Wie tief muss Rhodes noch fallen?

Beitrag aus dem Modul zu afrikawissenschaftlichen Methoden (4. Semester, BA Afrikastudien, Sommersemester 2017) zum Thema Studierendenproteste.

Lena Kuske, Jana Uhlendahl, Franziska Pemsel

Im März 2015 formte sich an der Universität Kapstadt die Bewegung #RhodesMustFall. In ihrem Leitbild  bezeichnet sich #RhodesMustFall (#RMF) als ein unabhängiges Kollektiv aus StudentInnen und MitarbeiterInnen der Universität Kapstadt. Ihre Forderung: Die auf dem Campus befindliche Statue von Cecil John Rhodes muss weg!

Cecil Rhodes war einer der bedeutendsten Akteure der britischen Kolonialmacht und Befürworter des Apartheid-Gedankens. Er hatte der Universität einen Teil des Landes übertragen, auf dem später die Universität ihren Platz fand. Deshalb wurde ihm zu Ehren eine Statue auf dem Campus errichtet. Bis heute, mehr als 20 Jahre nach dem offiziellen Ende des Apartheid-Regimes, zeichnen Straßennamen und Monumente eine einseitige Sicht der Geschichte Südafrikas und bestärken die fortbestehende koloniale Narrative im öffentlichen Raum. Die Statue von Ceciles Rhodes steht stellvertretend für dieses Gedächtnis.

Schon zu Beginn der ersten Protestaktionen des #RMF wurde deutlich, dass es nicht nur um die bloße physische Entfernung der Rhodes Statue ging. Somit beendet der Abriss der Statue im April 2015 nicht die Bewegung, sondern steht für die Forderung nach einer längst überfälligen Transformation des südafrikanischen Post-Apartheid-Systems. Die bisherige Aufarbeitung der Geschichte der Nation war in den Augen von #RMF unzureichend. Dies wird in den unterschiedlichen Interpretationen der Erinnerungen des gespaltenen Südafrikas sichtbar. Cecil John Rhodes gilt in den Augen der BefürworterInnen der Statue als Gönner und Investor in die universitäre Bildungslandschaft der Region. Die #RMF hingegen sieht Cecil Rhodes, und so auch sein Abbild, als Verkörperung der Entmachtung der schwarzen[1] Bevölkerung. Die Statue zelebriere und halte die schmerzlichen Erinnerung aufrecht.

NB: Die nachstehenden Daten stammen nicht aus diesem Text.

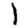
Digit: 1
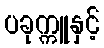
ပခုက္ကူနှင့်
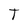
Character: T
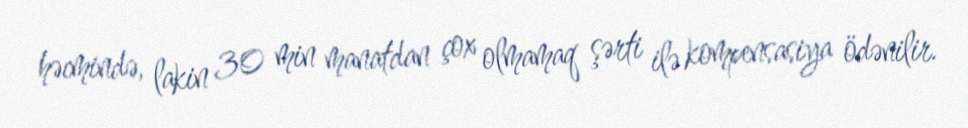
həcmində, lakin 30 min manatdan çox olmamaq şərti ilə kompensasiya ödənilir.
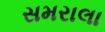
સમરાલા
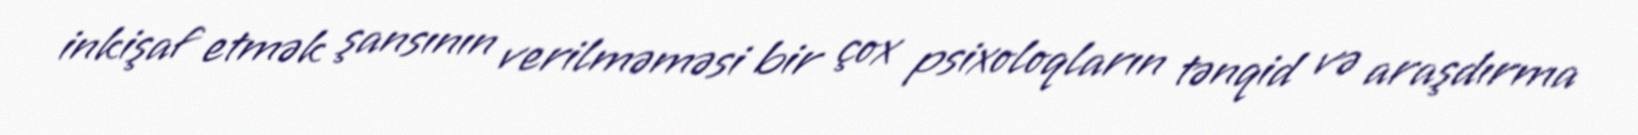
inkişaf etmək şansının verilməməsi bir çox psixoloqların tənqid və araşdırma

Die Regenbogennation ist aus Sicht von #RMF gescheitert. Soziale und ökonomische Ungleichheiten sind aktuelle und alltägliche Realität. Die südafrikanischen Studierenden sind desillusioniert. Die Hoffnung auf Chancengleichheit einer Post-Apartheid-Demokratie wandelt sich zu Unzufriedenheit und Enttäuschung. Sie gipfelt im Protest. Die fortbestehende Ungleichheit als „strukturell eingebettete Norm“ (Chaudhuri 2016, 2) herrsche auch an der Universität in Form von institutionellem Rassismus. Anzeichen dafür sind die geringe Anzahl der schwarzen MitarbeiterInnen und Studierenden, denen der Zugang zur Universität erschwert bleibt. Zudem orientierten sich die Wissensbestände und -produktion an eurozentrischen Idealen. Aus Sicht vieler schwarzer Studierender an der Universität Kapstadt sind die gelehrten Inhalte für sie weitestgehend irrelevant und vermitteln ein Gefühl der Bedeutungslosigkeit der eigenen Traditionen, Geschichte und Wissensbestände.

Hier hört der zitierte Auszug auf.